Add caching to BitBucket Server importer for pull requests
What does this MR do?
The BitBucket Server Import is enhanced with Caching functionality, this ensures, that already imported Pull Requests will not be imported or attempted to be imported again. This is crucial as the SidekiqMemoryKiller can interrupt the process and it will start from scratch again.
This can be seen as a performance improvement written in #23586 (closed)
Summary
Bitbucket Server Import is running into a timeout. This is caused by two factors:
- The import itself does not have any caching, so if it is restarted, it will start from the beginning
- SideKiqMemoryKiller will kill the process at some time, if there are too many pull requests to import
Steps to reproduce
- start a bitbucket import of a big project (for gitlab.com it was enough to have about 1000 Pull Requests, for a self hosted gitlab we needed around 4000 Pull requests)
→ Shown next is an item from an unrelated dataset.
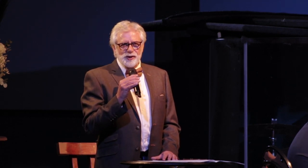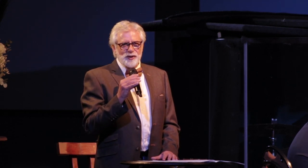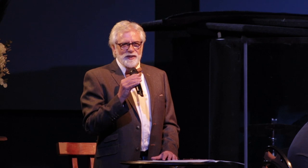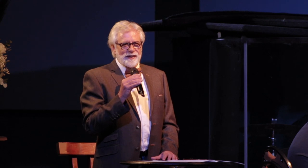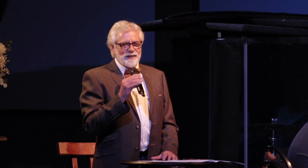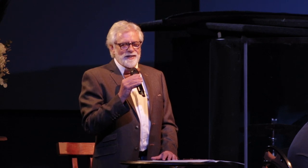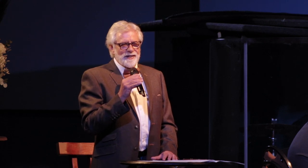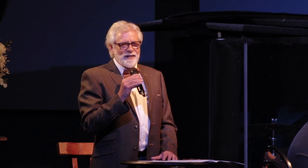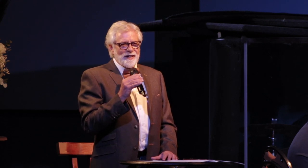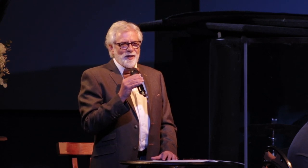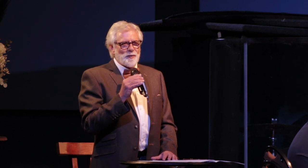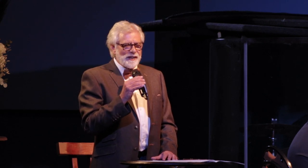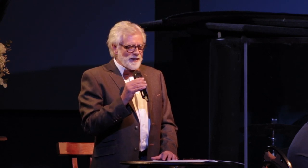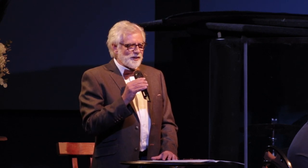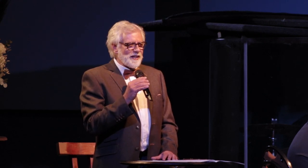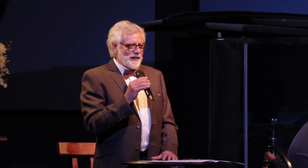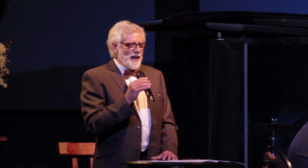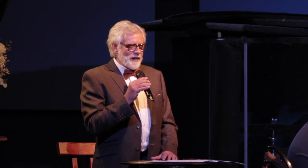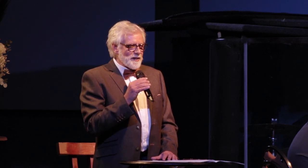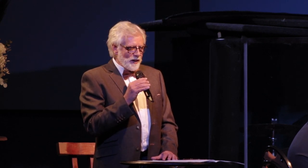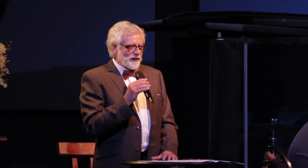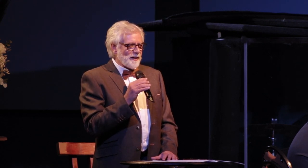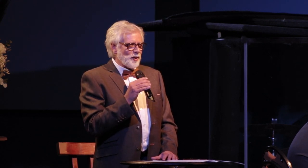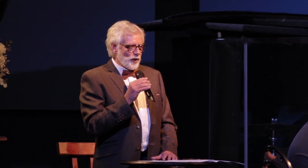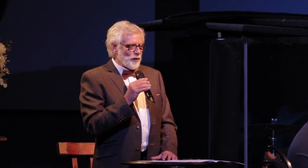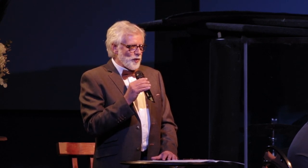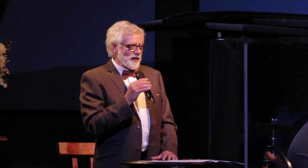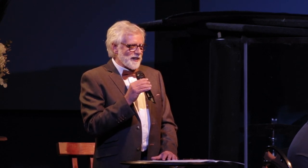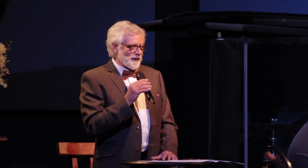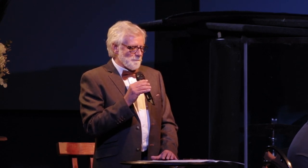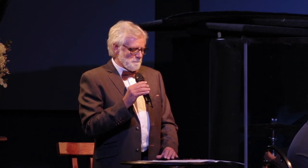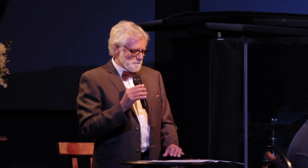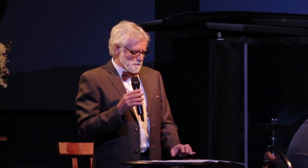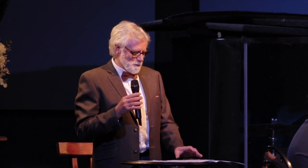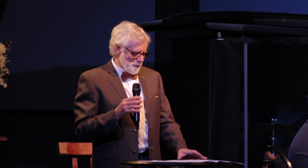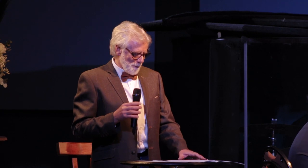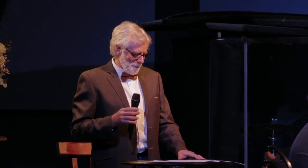eenkant toe stoot. Om net te kan sê, heren, ek kan u hoor.

- start the import, at some time, SideKiqMemoryKiller will kill the process, and it will start all over again
Example Project
I can only provide you a already failed project, with a timed out import - Project id: 21406002
What is the current bug behavior?
The import will not succeed, as it will retry the process over and over again. As it will start always from the beginning, it will always be killed at the same time somehow.
What is the expected correct behavior?
The import should not start at the first pull request again, it should continue at the last imported one. Or at least should ignore the already imported once, and also should not fetch them via REST API again.
Relevant logs and/or screenshots
{"severity":"WARN","time":"2020-10-20T14:22:46.921Z","message":"Terminating 1 busy worker threads"}
{"severity":"WARN","time":"2020-10-20T14:22:46.921Z","message":"Work still in progress [#\u003cstruct Sidekiq::BaseReliableFetch::UnitOfWork queue=\"queue:repository_import\", job=\"{\\\"class\\\":\\\"RepositoryImportWorker\\\",\\\"args\\\":[3],\\\"retry\\\":false,\\\"queue\\\":\\\"repository_import\\\",\\\"version\\\":0,\\\"backtrace\\\":5,\\\"status_expiration\\\":54000,\\\"memory_killer_memory_growth_kb\\\":50,\\\"memory_killer_max_memory_growth_kb\\\":300000,\\\"jid\\\":\\\"c22e2e12cfe635882785f202\\\",\\\"created_at\\\":1603196305.8484204,\\\"meta.user\\\":\\\"root\\\",\\\"meta.project\\\":\\\"gitlab-instance-957cb02c/xxxl\\\",\\\"meta.root_namespace\\\":\\\"gitlab-instance-957cb02c\\\",\\\"meta.caller_id\\\":\\\"Import::BitbucketServerController#create\\\",\\\"meta.related_class\\\":\\\"Projects::CreateService\\\",\\\"correlation_id\\\":\\\"3vNAgKXYuz4\\\",\\\"enqueued_at\\\":1603196305.8506517,\\\"interrupted_count\\\":1}\"\u003e]"}
{"severity":"INFO","time":"2020-10-20T14:22:46.922Z","message":"Pushed job c22e2e12cfe635882785f202 back to queue queue:repository_import","jid":"c22e2e12cfe635882785f202","queue":"queue:repository_import","retry":0}
{"severity":"INFO","time":"2020-10-20T14:22:46.946Z","message":"Bye!"}
{"severity":"WARN","time":"2020-10-20T14:22:46.947Z","class":"Gitlab::SidekiqDaemon::MemoryKiller","action":"stop","pid":14815,"message":"Stopping Gitlab::SidekiqDaemon::MemoryKiller Daemon","retry":0}
{"severity":"INFO","time":"2020-10-20T14:22:48.054Z","message":"A worker terminated, shutting down the cluster"}
{"severity":"INFO","time":"2020-10-20T14:22:48.245Z","message":"Starting cluster with 1 processes"}
Does this MR meet the acceptance criteria?
Conformity
-
Changelog entry -
Code review guidelines -
Merge request performance guidelines -
Style guides -
Database guides -
Separation of EE specific content
Availability and Testing
As i am not really familiar with ruby, i could not provide sufficient unit or integration tests for this merge request but i am eager to learn. If put into the right direction, and with guidance. But i assume doing a test with redis in particular, will not be an easy task to achieve.
-
Review and add/update tests for this feature/bug. Consider all test levels. See the Test Planning Process.